The thing is—he’s funny. He knows he’s dramatic. He knows it’s corny. He’s in on the joke. And instead of running from it, he dives into it, headfirst, shirt unbuttoned, wind machine at full blast. It’s not try-hard—it’s own-your-lane confidence. He’s basically saying:
“Yeah, I just did a cartwheel during a falsetto. What are you doing with your life?”
And that’s what makes him harder to hate than a golden retriever with good taste in music.
He Sings Like a Guilt Trip in Human Form (But It’s Kinda Beautiful)
Boone’s voice? No joke—it’s legit.
Dude can sing his ass off. He hits those notes like he’s got a whole gospel choir living in his lungs, and somehow, it feels personal. Raw. Emotional. Yeah, it’s pop. Yeah, it’s polished. But there’s something in there that’s messy—in a good way.
He belts like he’s in pain but also like he knows you're watching. It’s performative in a way that doesn’t feel fake—it feels like catharsis with good lighting. You’re rolling your eyes at the overproduction one minute, and the next you’re halfway through the song with goosebumps like:
“Fuck… that hit.”
I Came to Roast and Got Slapped by a Power Ballad
I’m not saying his music is revolutionary. I am saying it’s got a formula that works—and the man owns it.
It’s a little retro, a little over-the-top, and honestly? He leans the fuck in.
Cartwheels? Dramatic stares into the void?
He’s in on the bit, and that makes it so much worse (better?).
He’s not trying to be cool—he’s trying to be cinematic, and you either roll your eyes or fall under the spell. I did both. I’m dizzy.
Would I Still Roast Him?

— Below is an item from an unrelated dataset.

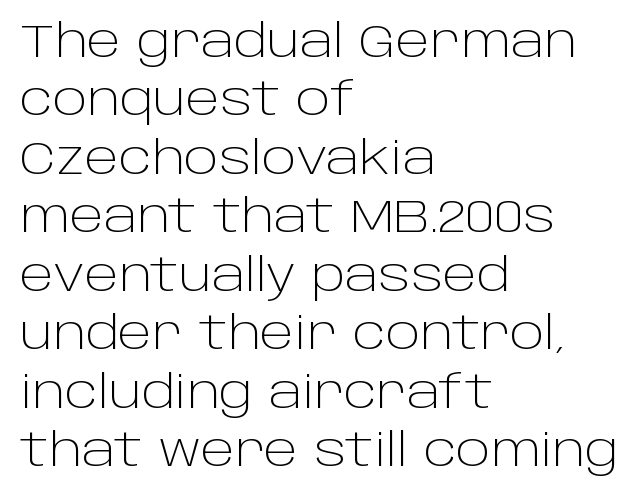
Notice how the passage keeps a crisp vertical edge on the left only. Observe the ordinary spacing: letters are neighbours, not strangers. A typesetter would call this leading conventional body-copy spacing. The passage shown is not underscored anywhere.

Absolutely.
Let’s be clear: I’m not above clowning on Benson Boone.
His fits look like a Pinterest board made by a guidance counselor.
His aesthetic screams “Heartbreak, but make it H&M.”
His music feels like it was written in a journal covered in glittery skull stickers.
But I’d still have a beer with him.
I’d still blast “Beautiful Things” with the windows down like I’m starring in my own emotional reboot.
And if he winked at me across a candlelit table, I’d delete every tweet I ever made talking shit.